Institute of Bioinformatics and Applied Biotechnology (IBAB), Biotech Park, Electronics City Phase I, Bengaluru, Karnataka, India.
Manipal Academy of Higher Education, Manipal, Karnataka, India.
PLoS One. 2018 Jun 21;13(6):e0199530. doi: 10.1371/journal.pone.0199530. eCollection 2018.
Rheumatoid arthritis (RA) is a chronic inflammatory disease of the synovial joints. Though the current RA therapeutics such as disease-modifying antirheumatic drugs (DMARDs), nonsteroidal anti-inflammatory drugs (NSAIDs) and biologics can halt the progression of the disease, none of these would either dramatically reduce or cure RA. So, the identification of potential therapeutic targets and new therapies for RA are active areas of research. Several studies have discovered the involvement of cytokines in the pathogenesis of this disease. These cytokines induce signal transduction pathways in RA synovial fibroblasts (RASF). These pathways share many signal transducers and their interacting proteins, resulting in the formation of a signaling network. In order to understand the involvement of this network in RA pathogenesis, it is essential to identify the key transducers and their interacting proteins that are part of this network. In this study, based on a detailed literature survey, we have identified a list of 12 cytokines that induce signal transduction pathways in RASF. For these cytokines, we have built a signaling network using the protein-protein interaction (PPI) data that was obtained from public repositories such as HPRD, BioGRID, MINT, IntAct and STRING. By combining the network centrality measures with the gene expression data from the RA related microarrays that are available in the open source Gene Expression Omnibus (GEO) database, we have identified 24 key proteins of this signaling network. Two of these 24 are already drug targets for RA, and of the remaining, 12 have direct PPI links to some of the current drug targets of RA. Therefore, these key proteins seem to be crucial in the pathogenesis of RA and hence might be treated as potential drug targets.

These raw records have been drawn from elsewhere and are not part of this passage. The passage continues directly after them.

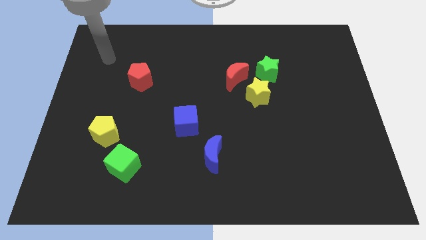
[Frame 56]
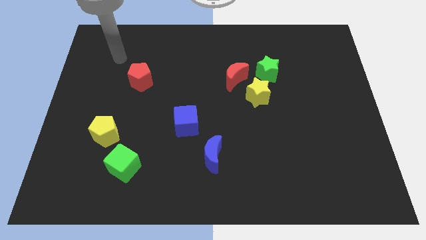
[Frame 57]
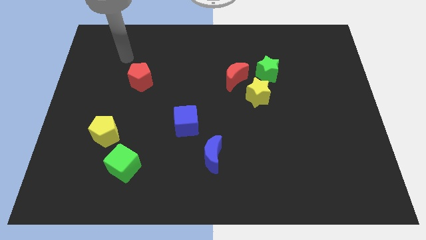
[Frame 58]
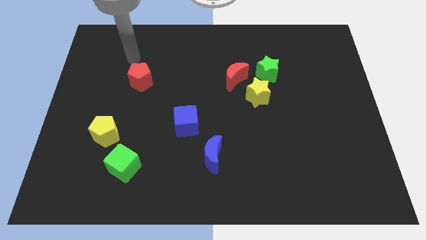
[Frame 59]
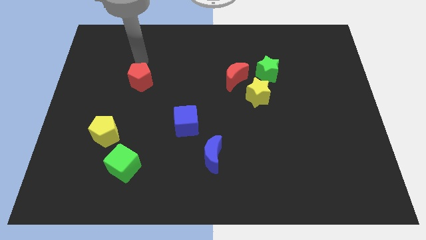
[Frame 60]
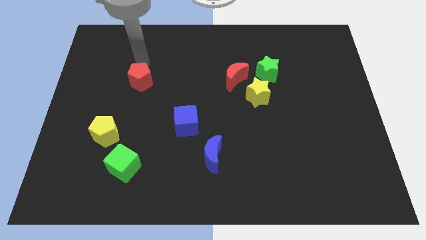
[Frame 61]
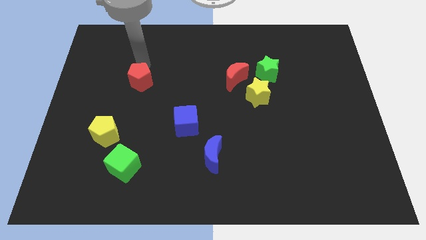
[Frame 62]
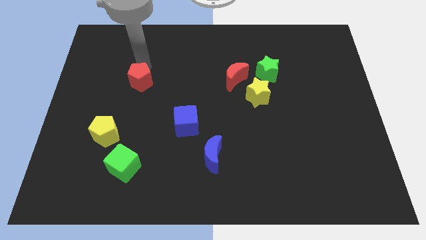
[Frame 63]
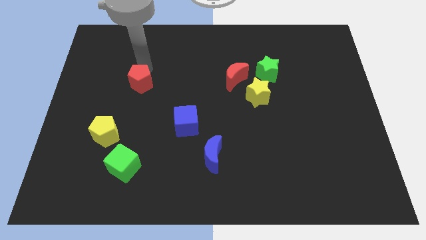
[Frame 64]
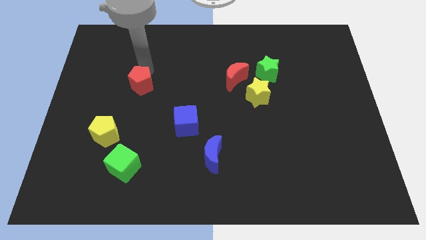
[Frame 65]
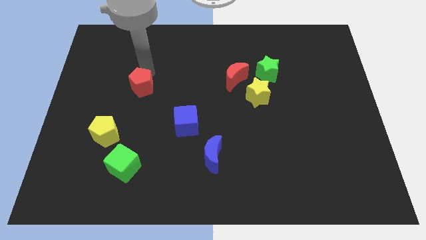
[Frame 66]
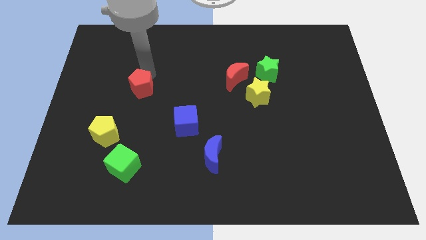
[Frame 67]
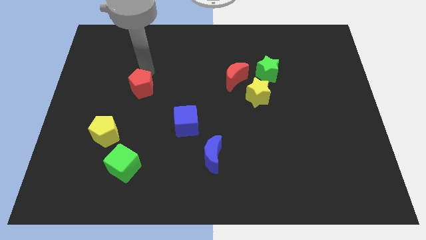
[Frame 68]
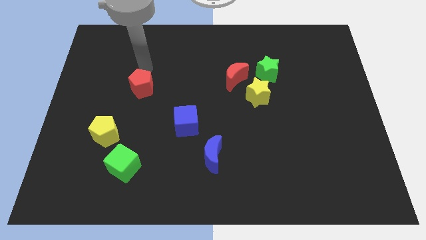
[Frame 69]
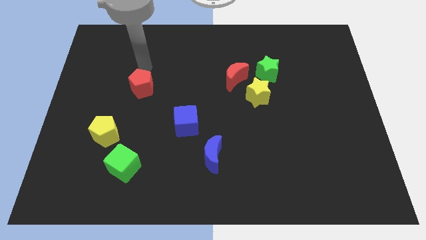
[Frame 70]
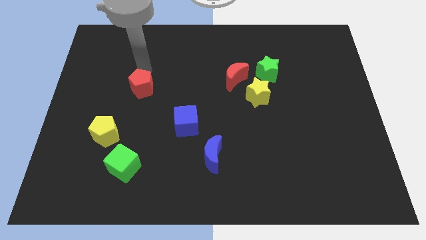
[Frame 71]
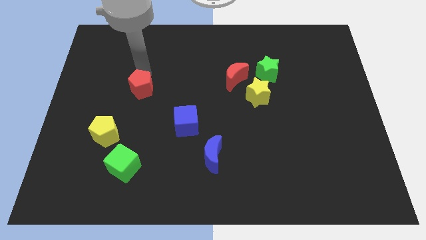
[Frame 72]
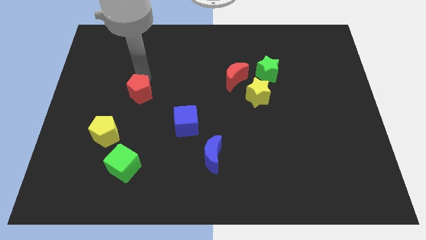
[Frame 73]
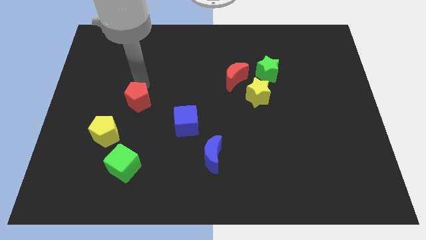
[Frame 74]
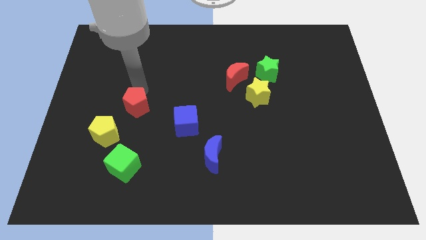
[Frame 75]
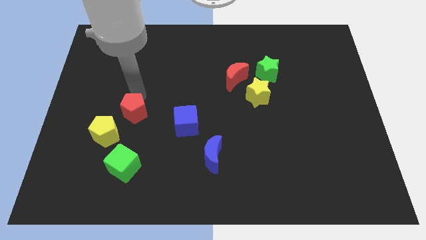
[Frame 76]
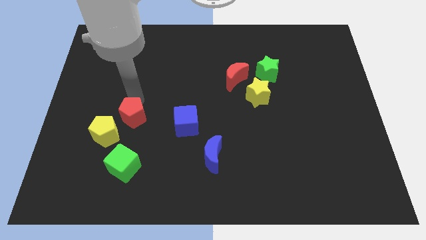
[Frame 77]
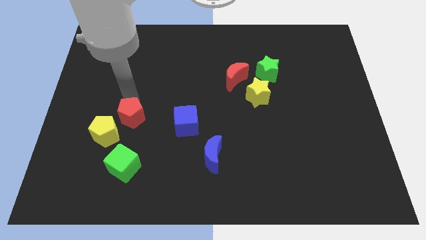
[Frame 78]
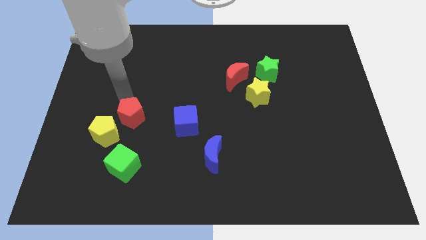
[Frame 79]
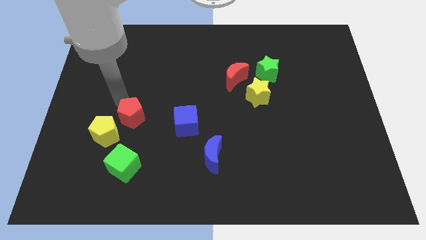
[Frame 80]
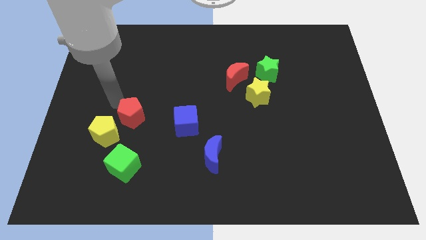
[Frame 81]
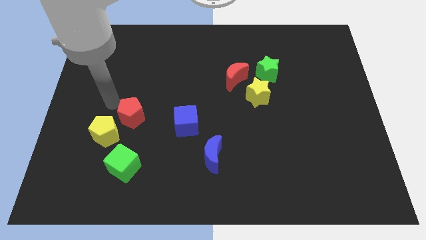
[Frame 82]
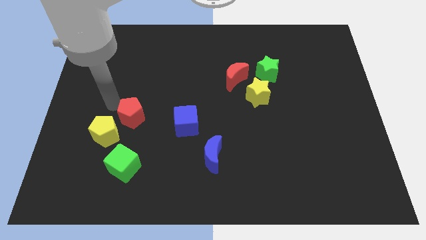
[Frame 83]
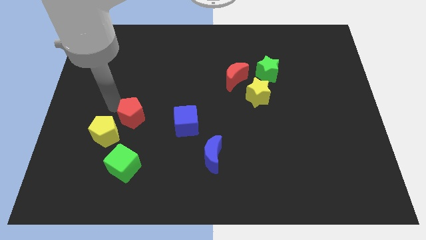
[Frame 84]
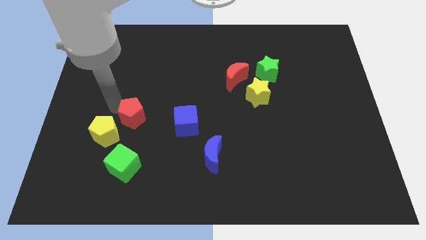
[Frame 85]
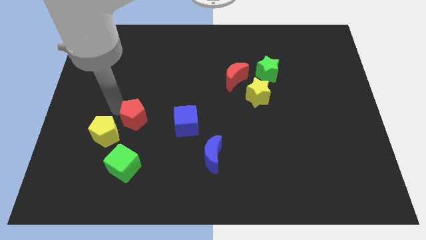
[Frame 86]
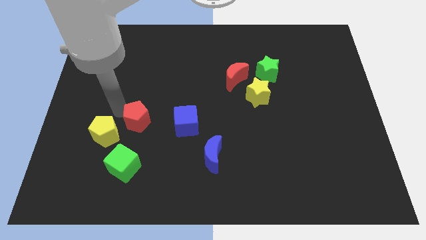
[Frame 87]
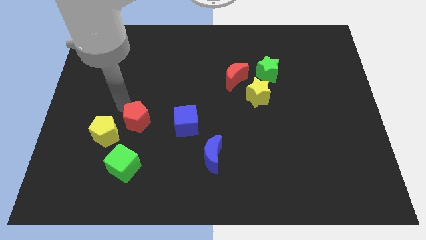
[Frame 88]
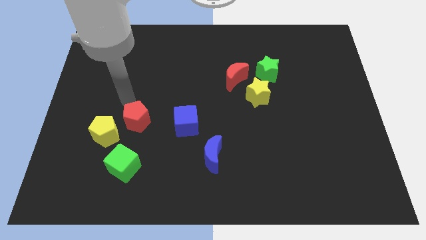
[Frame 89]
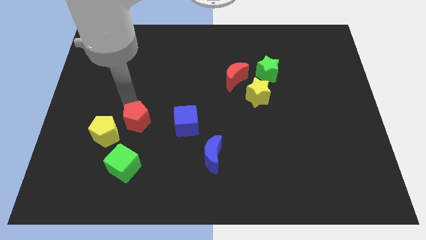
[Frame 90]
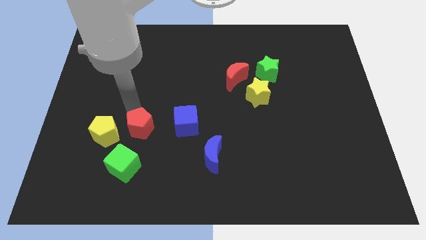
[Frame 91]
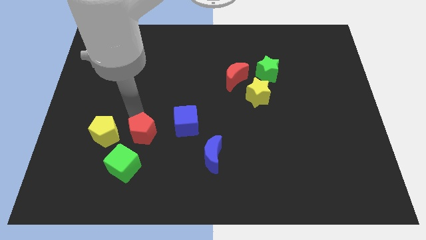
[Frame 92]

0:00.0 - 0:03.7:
push the red pentagon to the top right of the green cube

类风湿关节炎(RA)是一种慢性炎症性疾病的滑膜关节。虽然目前的类风湿关节炎的治疗,如改善病情抗风湿药(DMARDs)、非甾体抗炎药(NSAIDs)和生物制剂可以阻止疾病的进展,但是没有一种药物可以显著减少或治愈 RA。因此,寻找潜在的治疗靶点和新的治疗方法是类风湿关节炎研究的活跃领域。一些研究已经发现细胞因子在这种疾病的发病机制中的作用。这些细胞因子在 RA 滑膜成纤维细胞(RASF)中诱导信号转导途径。这些途径共享许多信号转导器及其相互作用的蛋白质,从而形成一个信号网络。为了了解该网络在 RA 发病机制中的作用,识别该网络中的关键转导器及其相互作用的蛋白质是非常重要的。在这项研究中,我们根据详细的文献调查,确定了一组 12 种细胞因子,这些细胞因子可诱导 RASF 中的信号转导途径。对于这些细胞因子,我们使用从 HPRD、BioGRID、MINT、IntAct 和 STRING 等公共数据库中获得的蛋白质-蛋白质相互作用(PPI)数据构建了一个信号网络。通过将网络中心性度量与可从开放源代码基因表达综合数据库(GEO)中获得的 RA 相关微阵列的基因表达数据相结合,我们确定了这个信号网络的 24 个关键蛋白质。这 24 个关键蛋白质中有 2 个是 RA 的药物靶点,其余的 12 个与 RA 的一些现有药物靶点有直接的 PPI 联系。因此,这些关键蛋白质在 RA 的发病机制中似乎是至关重要的,因此可能被视为潜在的药物靶点。